__Exercise inputs__
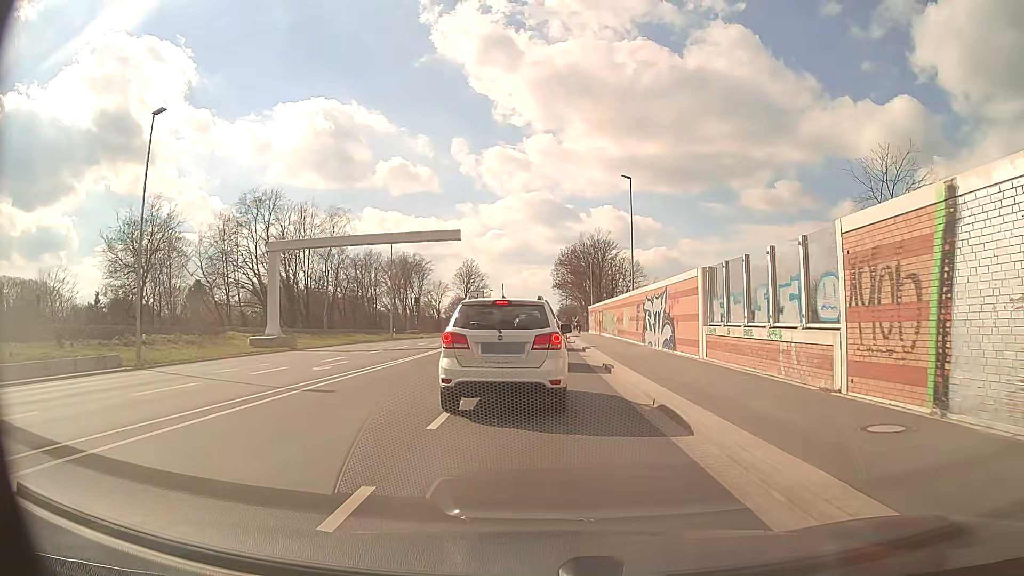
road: secondary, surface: asphalt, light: Day
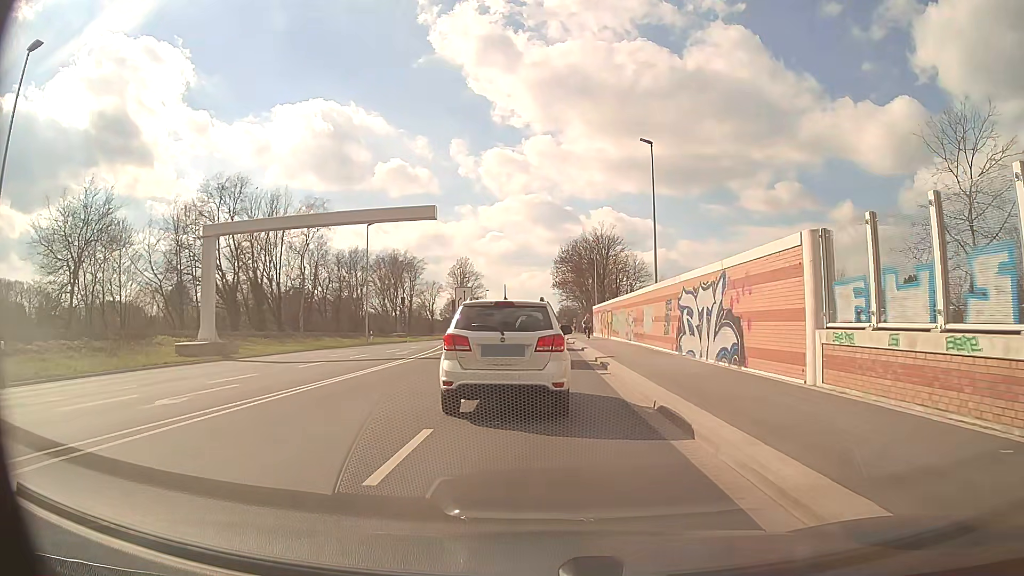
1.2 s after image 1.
(0.0, +9.1) m; 0°
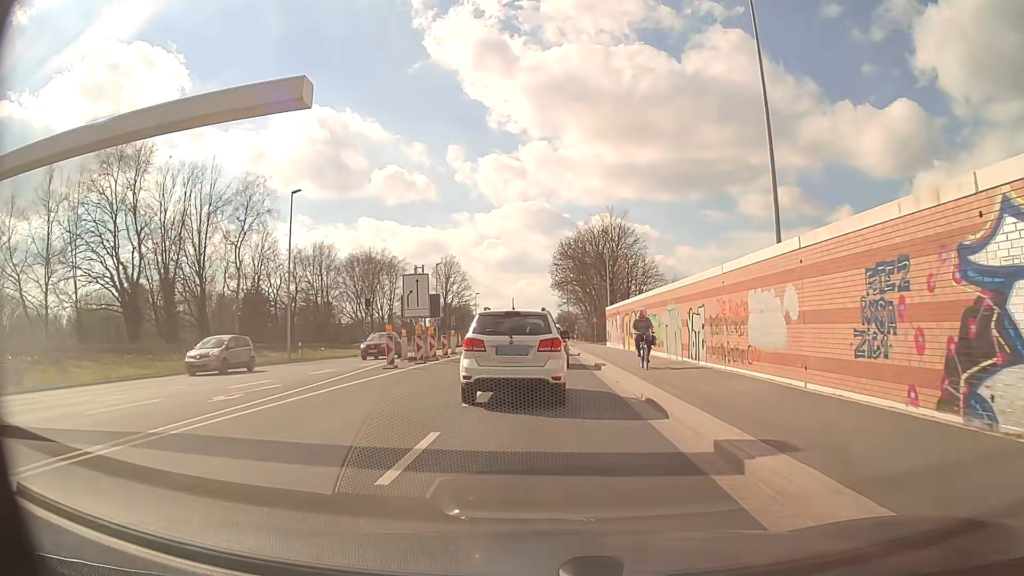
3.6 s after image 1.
(0.0, +18.1) m; 0°
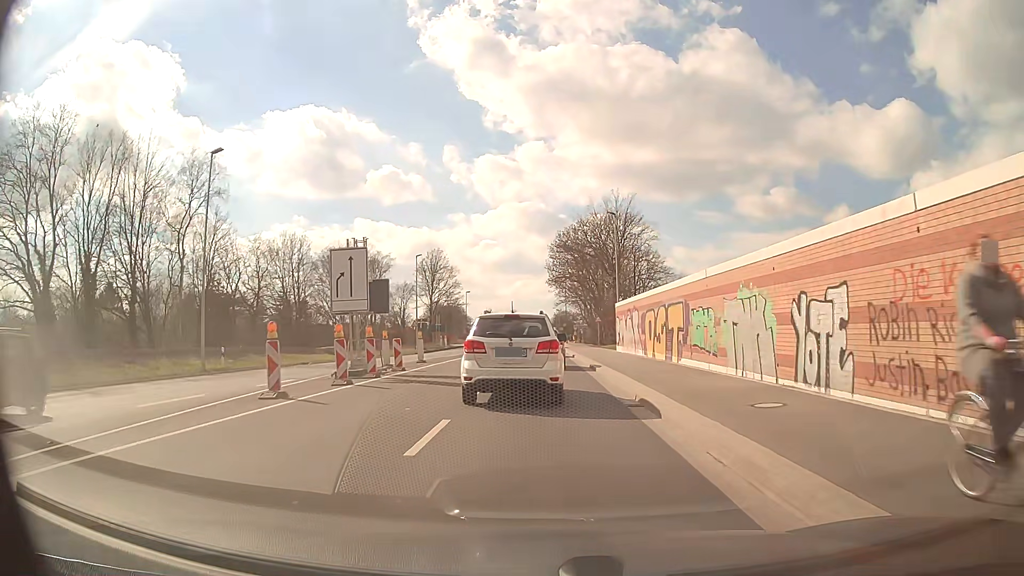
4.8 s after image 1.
(0.0, +10.8) m; 0°
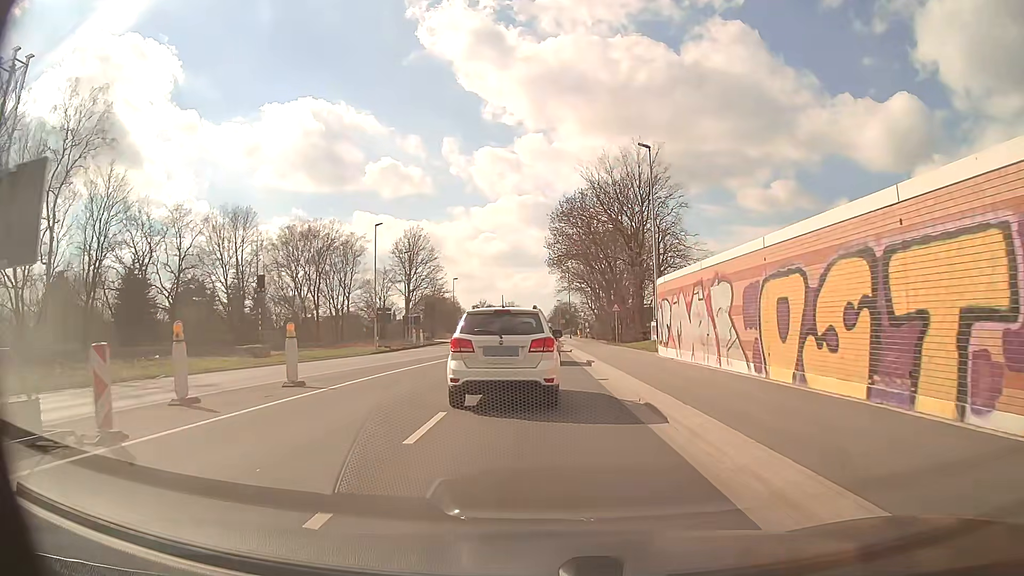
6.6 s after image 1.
(+0.1, +17.8) m; 0°
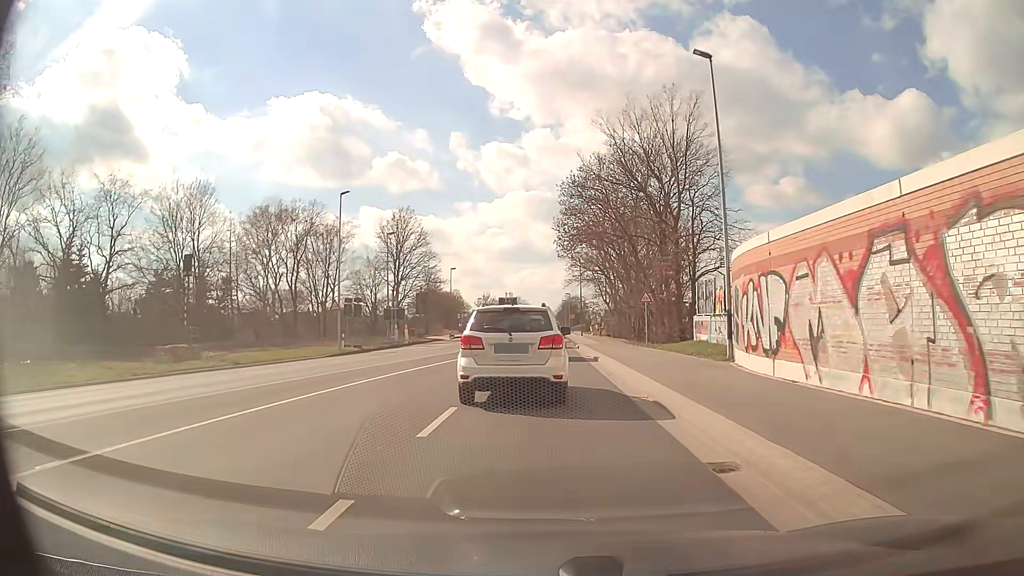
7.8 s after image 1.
(-0.1, +11.8) m; 0°
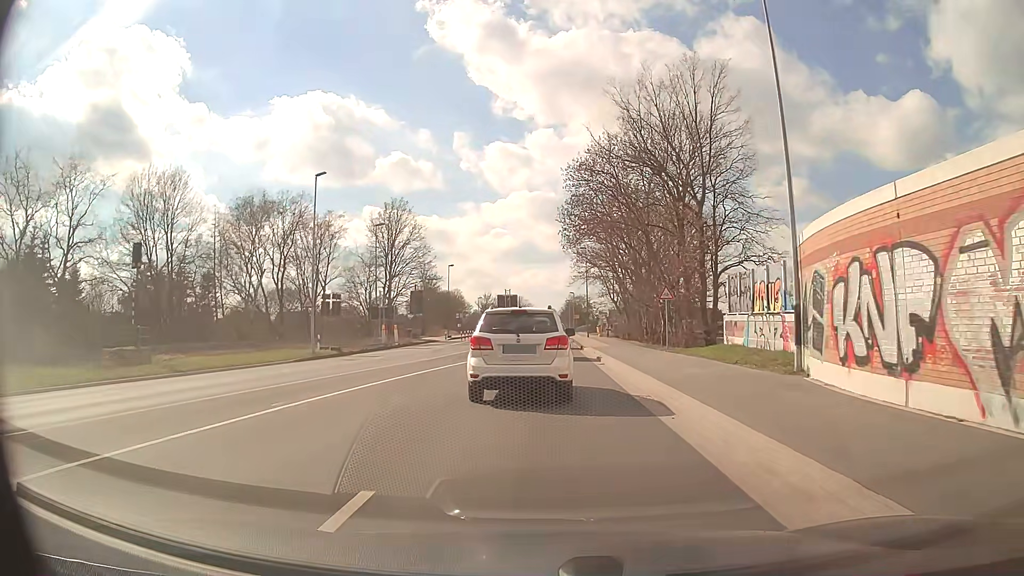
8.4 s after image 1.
(0.0, +5.7) m; 0°
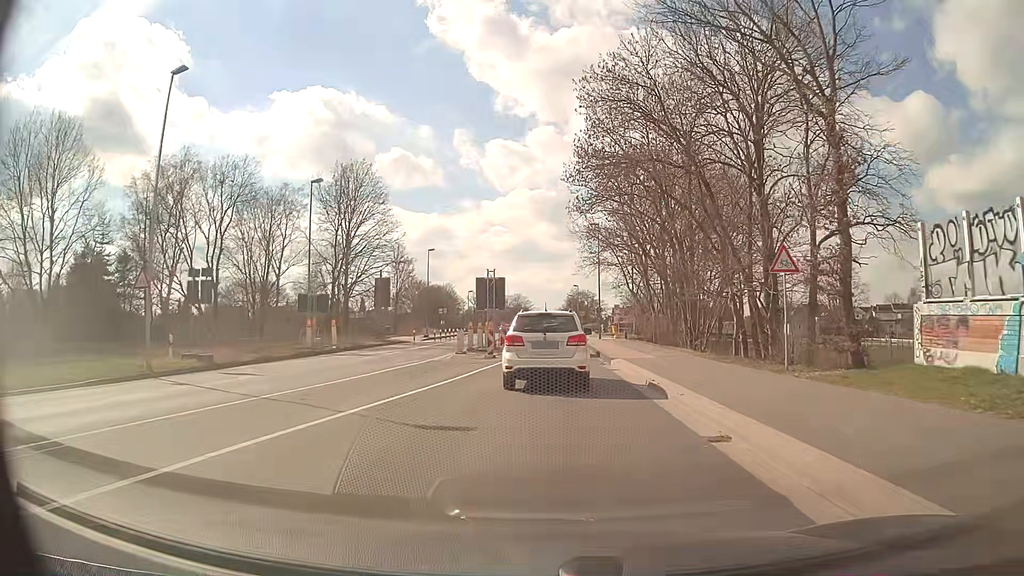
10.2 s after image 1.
(-0.1, +17.2) m; 0°
(0, +10) (0, +20) (0, +30) (+1, +40) (+1, +50) (+1, +60) (+1, +70) (+1, +80) (+1, +90) (+1, +100) m

__What is expected__
Which lines run from the one containing "1.2 s after image 1." to the end of the entries above? Write them out exactly, leaving out every picture.

__Exercise solution__
1.2 s after image 1.
(0.0, +9.1) m; 0°
3.6 s after image 1.
(0.0, +18.1) m; 0°
4.8 s after image 1.
(0.0, +10.8) m; 0°
6.6 s after image 1.
(+0.1, +17.8) m; 0°
7.8 s after image 1.
(-0.1, +11.8) m; 0°
8.4 s after image 1.
(0.0, +5.7) m; 0°
10.2 s after image 1.
(-0.1, +17.2) m; 0°
(0, +10) (0, +20) (0, +30) (+1, +40) (+1, +50) (+1, +60) (+1, +70) (+1, +80) (+1, +90) (+1, +100) m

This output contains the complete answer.